About the Community Health Action Pack

 

Pictogram family representing the relationship between an individual’s health status (represented by the hearts inside the people) within a family and community and on country.“Aboriginal peoples and Torres Strait Islanders at the national, regional and local levels have the right to full participation in health service design, delivery, monitoring and evaluation. This is integral to closing the gap in life expectancy within a generation”. 1

 

In Aboriginal and Torres Strait Islander communities across Australia, some lifestyle behaviours — such as smoking, poor nutrition/diet, physical inactivity and excessive use of alcohol — have had a terrible impact on the health status of individuals and communities.

Aboriginal and Torres Strait Islander people are two and a half times more likely to have poor health than non-Indigenous Australians 2  and more likely to die from many conditions.

Chronic diseases are the main reason for the large gap in life expectancy between Aboriginal and Torres Strait Islander people and non-Indigenous Australians.

Chronic diseases are the result of the poor lifestyle behaviours that have been introduced over a long period of time. However, they can often be prevented if people know what causes them and make healthy lifestyle choices to help reduce their risk of developing these conditions.

Preventive health promotion activities have led to major improvements in the areas of tobacco use, drink driving and HIV/AIDS control.

Although health promotion and prevention for Aboriginal and Torres Strait Islander people is still developing, there is opportunity and hope for it to achieve similar results in the area of preventive chronic disease.

The long term goal of health promotion is to make a positive impact on the healthy behaviours of individuals, their families and the wider community.

Mandala for health image

The diagram above, the ‘Mandala for health’ 3, shows the links between human health, community, culture and the natural environment. To deliver effective health promotion in Aboriginal and Torres Strait Islander communities, you need to first understand what these influences are. There are four key elements which influence people’s health:

  • Work environment
  • Built environments
  • Lifestyle
  • Health care systems

Each of these elements is strongly shaped by our cultural values, attitudes and beliefs, and affects the choices and the decisions people make about their health. This is why it is important that the people who share these cultural values are involved in the development of health promotion activities.

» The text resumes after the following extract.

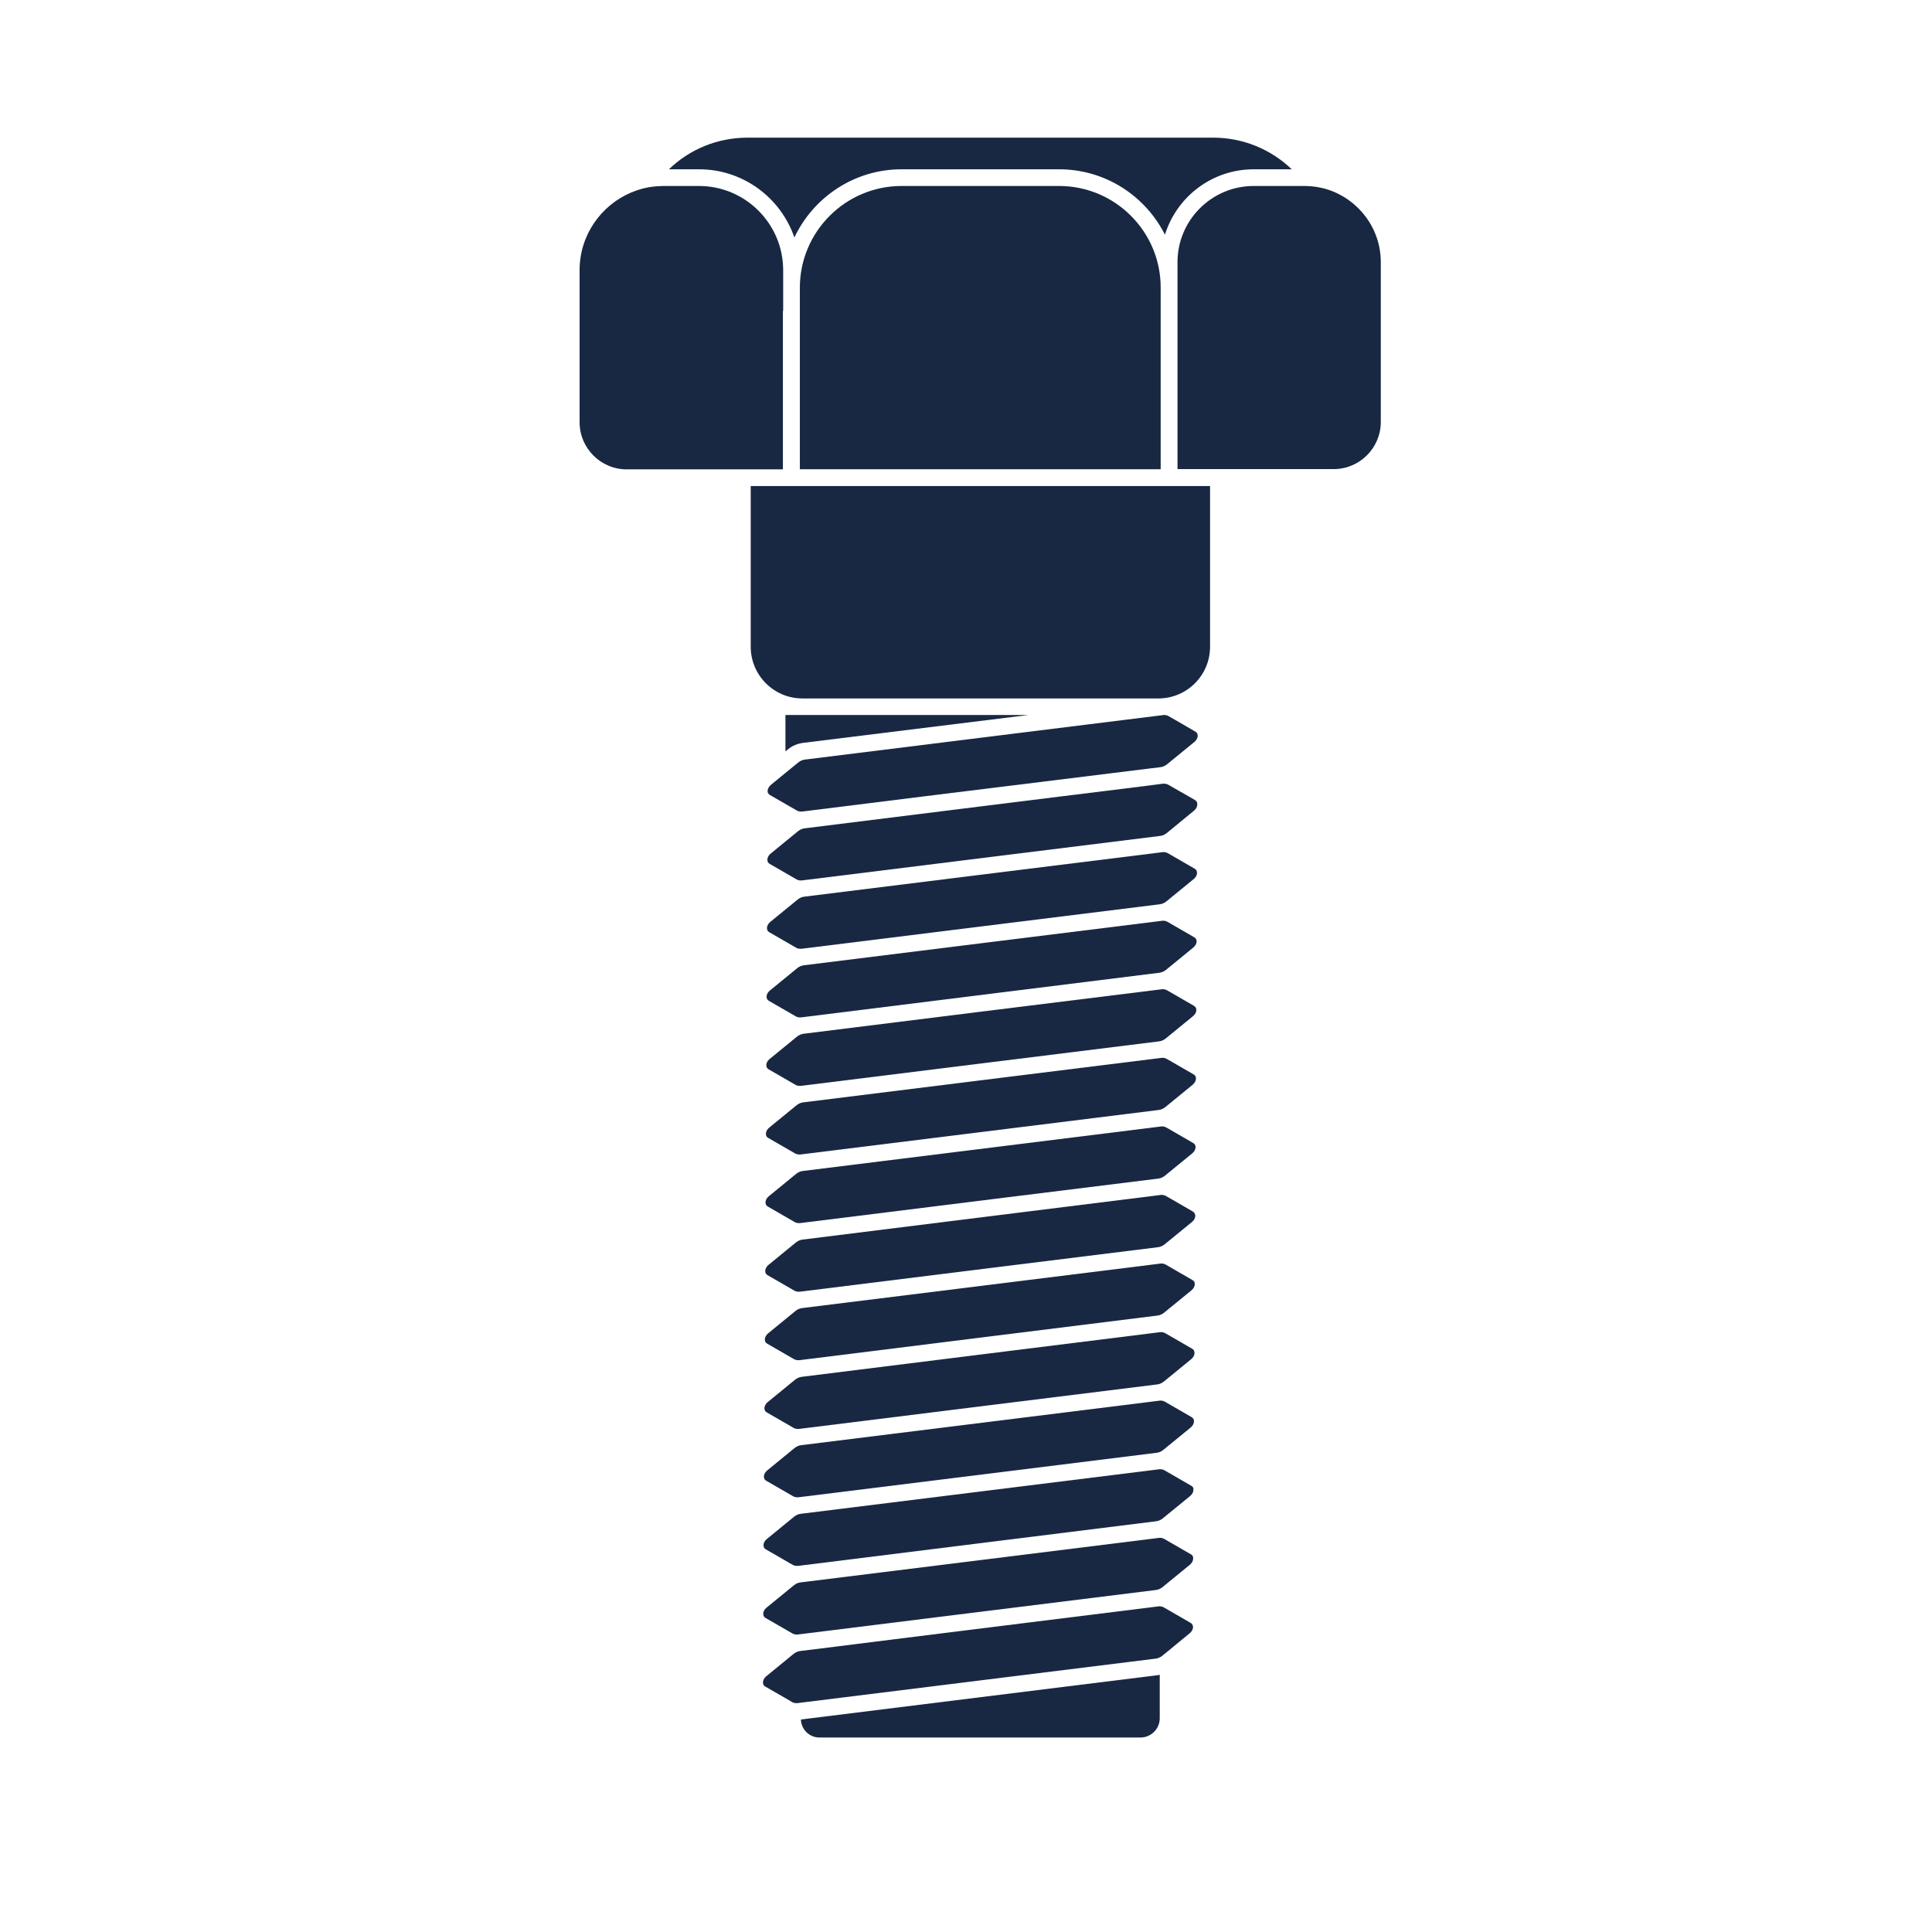 <svg xmlns="http://www.w3.org/2000/svg" xmlns:xlink="http://www.w3.org/1999/xlink" width="1080" zoomAndPan="magnify" viewBox="0 0 810 810" height="1080" preserveAspectRatio="xMidYMid meet" version="1.0"><defs><clipPath id="d1a8f3fcf7"><path d="M 280 57.18 L 542 57.18 L 542 100 L 280 100 Z M 280 57.18 " clip-rule="nonzero"/></clipPath></defs><path fill="#182843" d="M 335.793 720.906 C 335.902 725.047 339.316 728.461 343.516 728.461 L 478.168 728.461 C 482.59 728.461 486.227 724.824 486.227 720.402 L 486.227 702.156 C 485.945 702.215 485.668 702.27 485.387 702.324 Z M 335.793 720.906 " fill-opacity="1" fill-rule="nonzero"/><g clip-path="url(#d1a8f3fcf7)"><path fill="#182843" d="M 333.047 99.574 C 340.996 82.73 358.121 70.977 377.988 70.977 L 444.027 70.977 C 463.449 70.977 480.238 82.168 488.41 98.398 C 493.336 82.504 508.164 70.977 525.625 70.977 L 541.578 70.977 C 532.902 62.637 521.207 57.711 508.613 57.711 L 313.406 57.711 C 300.758 57.711 289.059 62.637 280.441 70.977 L 293.09 70.977 C 311.613 70.977 327.34 82.953 333.047 99.574 Z M 333.047 99.574 " fill-opacity="1" fill-rule="nonzero"/></g><path fill="#182843" d="M 328.348 130.355 L 328.348 113.285 C 328.348 93.809 312.508 77.973 293.035 77.973 L 278.371 77.973 C 276.973 77.973 275.629 78.082 274.23 78.195 C 272.605 78.363 271.039 78.645 269.527 79.035 C 267.848 79.484 266.227 80.043 264.602 80.715 C 251.953 86.086 243 98.621 243 113.23 L 243 177.031 C 243 187.887 251.844 196.785 262.758 196.785 L 328.234 196.785 L 328.234 130.355 Z M 328.348 130.355 " fill-opacity="1" fill-rule="nonzero"/><path fill="#182843" d="M 444.027 77.973 L 377.988 77.973 C 354.484 77.973 335.344 97.113 335.344 120.617 L 335.344 196.73 L 486.617 196.73 L 486.617 120.617 C 486.676 97.113 467.535 77.973 444.027 77.973 Z M 444.027 77.973 " fill-opacity="1" fill-rule="nonzero"/><path fill="#182843" d="M 556.688 79.484 C 555.176 78.98 553.609 78.645 551.988 78.363 C 550.531 78.141 549.078 78.027 547.566 77.973 C 547.34 77.973 547.117 77.973 546.949 77.973 L 525.625 77.973 C 507.996 77.973 493.672 92.301 493.672 109.93 L 493.672 196.676 L 559.148 196.676 C 570.008 196.676 578.906 187.832 578.906 176.918 L 578.906 109.93 C 578.906 95.711 569.559 83.625 556.688 79.484 Z M 556.688 79.484 " fill-opacity="1" fill-rule="nonzero"/><path fill="#182843" d="M 486.676 203.781 L 314.746 203.781 L 314.746 271.164 C 314.746 283.086 324.43 292.824 336.406 292.824 L 485.668 292.824 C 497.59 292.824 507.324 283.141 507.324 271.164 L 507.324 203.781 Z M 486.676 203.781 " fill-opacity="1" fill-rule="nonzero"/><path fill="#182843" d="M 431.156 299.766 L 329.301 299.766 L 329.301 315.043 L 330.305 314.203 C 332.098 312.691 334.281 311.797 336.629 311.461 Z M 431.156 299.766 " fill-opacity="1" fill-rule="nonzero"/><path fill="#182843" d="M 501.113 306.703 L 500.609 306.422 L 499.66 305.863 L 496.188 303.848 L 492.719 301.836 L 489.863 300.211 C 489.359 299.934 488.801 299.766 488.129 299.766 C 487.906 299.766 487.738 299.766 487.516 299.82 L 337.469 318.457 C 336.461 318.566 335.512 319.016 334.727 319.633 L 329.301 324.055 L 325.828 326.906 L 323.422 328.867 C 323.086 329.145 322.75 329.48 322.473 329.816 C 322.414 329.93 322.359 329.984 322.305 330.098 C 321.91 330.77 321.742 331.496 321.855 332.113 C 321.91 332.449 322.078 332.672 322.305 332.895 C 322.473 333.062 322.641 333.23 322.863 333.344 L 323.816 333.902 L 334.113 339.836 C 334.727 340.172 335.566 340.34 336.461 340.227 L 387.223 333.902 L 415.32 330.434 L 443.414 326.965 L 481.414 322.262 L 486.508 321.645 C 487.234 321.535 487.961 321.312 488.578 320.918 C 488.801 320.75 489.027 320.641 489.25 320.473 L 499.715 311.91 L 500.609 311.18 C 501.672 310.34 502.234 309.223 502.121 308.215 C 502.066 307.543 501.73 307.039 501.113 306.703 Z M 501.113 306.703 " fill-opacity="1" fill-rule="nonzero"/><path fill="#182843" d="M 501.004 335.414 L 498.484 333.957 L 492.383 330.488 L 489.754 328.977 C 489.137 328.641 488.297 328.473 487.402 328.586 L 483.539 329.09 L 472.012 330.543 L 443.918 334.016 L 337.359 347.277 C 336.352 347.391 335.398 347.84 334.617 348.453 L 323.254 357.746 C 322.191 358.582 321.633 359.703 321.742 360.711 C 321.801 361.383 322.137 361.887 322.75 362.223 L 334 368.715 C 334.617 369.051 335.457 369.219 336.352 369.105 L 486.395 350.469 C 487.402 350.355 488.355 349.91 489.137 349.293 L 500.441 340.004 C 501.504 339.164 502.066 338.043 501.953 337.035 C 501.953 336.309 501.617 335.805 501.004 335.414 Z M 501.004 335.414 " fill-opacity="1" fill-rule="nonzero"/><path fill="#182843" d="M 500.836 364.18 L 489.586 357.688 C 489.082 357.41 488.465 357.242 487.793 357.242 C 487.625 357.242 487.402 357.242 487.234 357.297 L 337.191 375.934 C 336.184 376.047 335.23 376.492 334.449 377.109 L 323.086 386.398 C 322.023 387.238 321.465 388.359 321.574 389.363 C 321.633 390.035 321.969 390.539 322.582 390.875 L 333.832 397.367 C 334.449 397.703 335.289 397.871 336.184 397.758 L 486.227 379.125 C 487.234 379.012 488.188 378.562 488.969 377.949 L 500.332 368.656 C 501.395 367.816 501.953 366.699 501.84 365.691 C 501.785 365.02 501.449 364.516 500.836 364.18 Z M 500.836 364.18 " fill-opacity="1" fill-rule="nonzero"/><path fill="#182843" d="M 500.668 392.945 L 489.418 386.453 C 488.914 386.176 488.297 386.008 487.625 386.008 C 487.457 386.008 487.234 386.008 487.066 386.062 L 337.023 404.699 C 336.016 404.812 335.062 405.258 334.281 405.875 L 322.918 415.164 C 321.855 416.004 321.297 417.125 321.406 418.133 C 321.465 418.805 321.801 419.305 322.414 419.641 L 333.664 426.133 C 334.281 426.469 335.121 426.637 336.016 426.527 L 416.887 416.453 L 486.059 407.832 C 487.066 407.723 488.02 407.273 488.801 406.66 L 500.164 397.367 C 501.227 396.527 501.785 395.41 501.672 394.402 C 501.617 393.785 501.281 393.281 500.668 392.945 Z M 500.668 392.945 " fill-opacity="1" fill-rule="nonzero"/><path fill="#182843" d="M 500.5 421.656 L 489.25 415.164 C 488.746 414.887 488.129 414.719 487.457 414.719 C 487.289 414.719 487.066 414.719 486.898 414.773 L 408.379 424.512 L 336.91 433.41 C 335.902 433.523 334.953 433.969 334.168 434.586 L 322.809 443.875 C 321.742 444.715 321.184 445.836 321.297 446.84 C 321.352 447.512 321.688 448.016 322.305 448.352 L 333.551 454.844 C 334.168 455.18 335.008 455.348 335.902 455.238 L 485.945 436.602 C 486.953 436.488 487.906 436.039 488.691 435.426 L 500.051 426.133 C 501.113 425.293 501.672 424.176 501.562 423.168 C 501.504 422.551 501.113 422.051 500.5 421.656 Z M 500.5 421.656 " fill-opacity="1" fill-rule="nonzero"/><path fill="#182843" d="M 500.387 450.422 L 489.137 443.93 C 488.633 443.652 488.02 443.484 487.402 443.484 C 487.234 443.484 487.012 443.484 486.785 443.539 L 336.742 462.176 C 335.734 462.289 334.785 462.734 334 463.352 L 322.641 472.641 C 321.574 473.48 321.016 474.602 321.129 475.609 C 321.184 476.281 321.52 476.785 322.137 477.117 L 333.383 483.609 C 334 483.945 334.84 484.113 335.734 484.004 L 423.266 473.145 L 485.777 465.367 C 486.785 465.254 487.738 464.805 488.523 464.191 L 499.883 454.902 C 500.945 454.062 501.504 452.941 501.395 451.934 C 501.336 451.262 501.004 450.758 500.387 450.422 Z M 500.387 450.422 " fill-opacity="1" fill-rule="nonzero"/><path fill="#182843" d="M 500.219 479.191 L 488.969 472.699 C 488.465 472.418 487.852 472.25 487.18 472.25 C 487.012 472.25 486.785 472.25 486.562 472.305 L 415.488 481.148 L 336.574 490.941 C 335.566 491.055 334.617 491.504 333.832 492.117 L 322.473 501.41 C 321.406 502.246 320.848 503.367 320.961 504.375 C 321.016 505.047 321.352 505.551 321.969 505.887 L 333.215 512.379 C 333.832 512.715 334.672 512.883 335.566 512.77 L 425.617 501.574 L 485.609 494.133 C 486.617 494.02 487.57 493.574 488.355 492.957 L 499.715 483.668 C 500.777 482.828 501.336 481.707 501.227 480.699 C 501.168 480.031 500.836 479.527 500.219 479.191 Z M 500.219 479.191 " fill-opacity="1" fill-rule="nonzero"/><path fill="#182843" d="M 500.051 507.898 L 488.801 501.41 C 488.297 501.129 487.684 500.961 487.066 500.961 C 486.898 500.961 486.676 500.961 486.449 501.016 L 411.457 510.363 L 336.461 519.707 C 335.457 519.82 334.504 520.27 333.719 520.883 L 322.359 530.176 C 321.297 531.016 320.738 532.133 320.848 533.141 C 320.902 533.812 321.238 534.316 321.855 534.652 L 333.105 541.145 C 333.719 541.48 334.559 541.648 335.457 541.535 L 425.504 530.344 L 485.5 522.898 C 486.508 522.785 487.457 522.34 488.242 521.723 L 499.602 512.434 C 500.668 511.594 501.227 510.473 501.113 509.469 C 501.004 508.797 500.668 508.293 500.051 507.898 Z M 500.051 507.898 " fill-opacity="1" fill-rule="nonzero"/><path fill="#182843" d="M 499.938 536.668 L 488.691 530.176 C 488.188 529.895 487.57 529.727 486.953 529.727 C 486.785 529.727 486.562 529.727 486.34 529.781 L 415.262 538.625 L 336.293 548.418 C 335.289 548.531 334.336 548.98 333.551 549.594 L 322.191 558.887 C 321.129 559.723 320.57 560.844 320.68 561.852 C 320.738 562.523 321.07 563.027 321.688 563.363 L 332.938 569.855 C 333.551 570.191 334.391 570.359 335.289 570.246 L 410.281 560.898 L 485.277 551.555 C 486.281 551.441 487.234 550.992 488.02 550.379 L 499.379 541.09 C 500.441 540.25 501.004 539.129 500.891 538.121 C 500.891 537.508 500.555 537.004 499.938 536.668 Z M 499.938 536.668 " fill-opacity="1" fill-rule="nonzero"/><path fill="#182843" d="M 499.77 565.434 L 488.523 558.941 C 488.02 558.66 487.402 558.492 486.73 558.492 C 486.562 558.492 486.34 558.492 486.113 558.551 L 411.121 567.895 L 336.129 577.242 C 335.121 577.355 334.168 577.801 333.383 578.418 L 322.023 587.707 C 320.961 588.547 320.402 589.668 320.512 590.672 C 320.57 591.344 320.902 591.848 321.52 592.184 L 332.77 598.676 C 333.383 599.012 334.223 599.18 335.121 599.066 L 425.168 587.875 L 485.164 580.43 C 486.172 580.32 487.121 579.871 487.906 579.258 L 499.266 569.965 C 500.332 569.125 500.891 568.008 500.777 567 C 500.723 566.273 500.387 565.77 499.77 565.434 Z M 499.77 565.434 " fill-opacity="1" fill-rule="nonzero"/><path fill="#182843" d="M 499.602 594.145 L 488.355 587.652 C 487.852 587.371 487.234 587.203 486.562 587.203 C 486.395 587.203 486.172 587.203 485.945 587.258 L 414.871 596.102 L 335.902 605.895 C 334.895 606.008 333.945 606.457 333.16 607.07 L 321.801 616.363 C 320.738 617.203 320.176 618.32 320.289 619.328 C 320.344 620 320.68 620.504 321.297 620.84 L 332.547 627.332 C 333.16 627.668 334 627.836 334.895 627.723 L 413.863 617.93 L 484.941 609.086 C 485.945 608.973 486.898 608.527 487.684 607.91 L 499.043 598.621 C 500.105 597.781 500.668 596.66 500.555 595.656 C 500.555 595.039 500.219 594.535 499.602 594.145 Z M 499.602 594.145 " fill-opacity="1" fill-rule="nonzero"/><path fill="#182843" d="M 499.434 622.91 L 488.188 616.418 C 487.684 616.137 487.066 615.969 486.395 615.969 C 486.227 615.969 486.004 615.969 485.781 616.027 L 414.703 624.867 L 335.734 634.664 C 334.727 634.773 333.777 635.223 332.992 635.836 L 321.633 645.129 C 320.57 645.969 320.008 647.086 320.121 648.094 C 320.176 648.766 320.512 649.27 321.129 649.605 L 332.379 656.098 C 332.992 656.434 333.832 656.602 334.727 656.488 L 409.723 647.145 L 484.715 637.797 C 485.723 637.684 486.676 637.238 487.457 636.621 L 498.82 627.332 C 499.883 626.492 500.441 625.371 500.332 624.363 C 500.441 623.75 500.051 623.246 499.434 622.91 Z M 499.434 622.91 " fill-opacity="1" fill-rule="nonzero"/><path fill="#182843" d="M 499.324 651.676 L 488.074 645.184 C 487.57 644.906 486.953 644.738 486.281 644.738 C 486.113 644.738 485.891 644.738 485.668 644.793 L 414.59 653.637 L 335.625 663.43 C 334.617 663.539 333.664 663.988 332.883 664.605 L 321.52 673.895 C 320.457 674.734 319.898 675.852 320.008 676.859 C 320.066 677.531 320.402 678.035 321.016 678.371 L 332.266 684.863 C 332.883 685.199 333.719 685.367 334.617 685.254 L 388.176 678.594 L 484.605 666.617 C 485.613 666.508 486.562 666.059 487.348 665.445 L 498.707 656.152 C 499.77 655.312 500.332 654.195 500.219 653.188 C 500.273 652.516 499.938 652.012 499.324 651.676 Z M 499.324 651.676 " fill-opacity="1" fill-rule="nonzero"/><path fill="#182843" d="M 499.156 680.387 L 487.906 673.895 C 487.402 673.613 486.785 673.445 486.113 673.445 C 485.945 673.445 485.723 673.445 485.5 673.504 L 378.047 686.879 L 374.969 687.27 L 349.949 690.406 L 335.512 692.195 C 334.504 692.309 333.551 692.754 332.77 693.371 L 332.266 693.762 L 328.797 696.617 L 321.406 702.66 C 320.344 703.5 319.785 704.621 319.898 705.629 C 319.953 706.297 320.289 706.801 320.902 707.137 L 328.797 711.672 L 332.152 713.629 C 332.211 713.629 332.266 713.688 332.266 713.688 C 332.883 714.023 333.664 714.133 334.504 714.023 L 335.793 713.855 L 484.547 695.387 C 485.164 695.328 485.723 695.105 486.281 694.824 C 486.676 694.656 487.012 694.434 487.348 694.152 L 489.809 692.141 L 493.277 689.285 L 498.652 684.863 C 499.715 684.023 500.273 682.906 500.164 681.898 C 500.105 681.281 499.77 680.777 499.156 680.387 Z M 499.156 680.387 " fill-opacity="1" fill-rule="nonzero"/></svg>

This Community Health Action Pack is about health promotion and can be used by anyone who wants to run a project to improve Aboriginal and Torres Strait Islander peoples’ health and wellbeing.

This may include:

  • Aboriginal and Torres Strait Islander health and community workers
  • Health professionals
  • Elders, community leaders and community organisations

The pack is designed to be flexible so that communities and organisations can use it to suit their own needs. It includes templates, examples, checklists and tips to help with planning a health promotion project.

 

Continue to Part 1: Ten steps to planning a health promotion project


1 United Nations Declaration on the Rights of Indigenous Peoples, Amnesty International Article 24: Health

2 Vos et al 2007. Burden of disease and injury in Aboriginal and Torres Strait Islander people 2003, Queensland University

3 Adapted from Hancock, T & Perkins, F 1985, ‘The Mandala of Health: A conceptual model and teaching tool’, Health Education, 24, 8-10.